Are you drilling into the wishlist itself? If you just look at the top level (Show upcoming matches), it lists shows for all wishlists and that is a shorter list. Those are limited to a number of shows (10 items) which may appear to be 3 days. (I have one wishlist that only has two items and the second is 10 days out.)

Select the wishlist itself to see the full list for that wishlist.


----------



## Mikeguy (Jul 28, 2005)

Yep, this is looking within the specific wishlist itself. Checking just now, my Movies upcoming list goes thru noon on Wednesday, July 17, and shows a total of (exactly) 300 hits.

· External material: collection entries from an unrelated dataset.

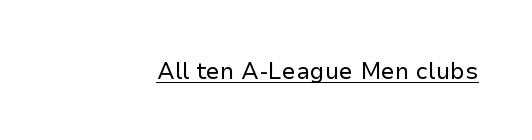
The image shows 23 px text type, upright; set normal letter spacing, underlined.
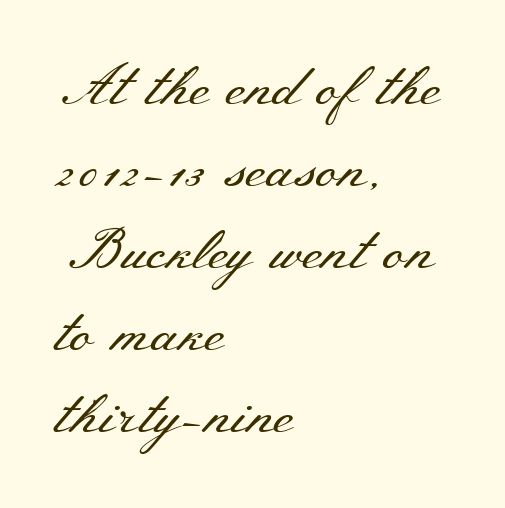
Q: Is the text bold? A: No.
Q: Is the text italic (slanted)? A: Yes.
Q: Is the typeface a serif or a sans-serif typeface? A: Serif.
Q: Is the text underlined? A: No.
Q: How is the paragraph aligned? A: Left-aligned.
Q: Is the spacing between letters normal or unusually wide? A: Normal.
Q: Is the spacing between lines tight, normal or loose? A: Normal.
Q: Width (condensed, normal, or wide)? A: Wide.
Q: Stroke contrast? A: Medium.
Q: x-height? A: Small.
Q: Monospaced? A: No.

Based on that round number, I have a working guess that that is the limit for the number of shows for the database to display. 

Again, this is under my Movies wishlist. If I apply the Movies filter to the Live Guide (by pressing the "C" button and choosing movies), I get a Guide listing of movies for the entire duration of the Guide.


----------



## Mikeguy (Jul 28, 2005)

Followed up again this morning with my Movies wishlist (I'm just curious here), and this morning it shows the next 3 days plus 3 hours or so of hits (yesterday it was around 2 days 18 hours). Once again, showing the next upcoming 300 (exactly) hits. Making me think that there indeed is a 300-hit limit to what a wishlist will show.


----------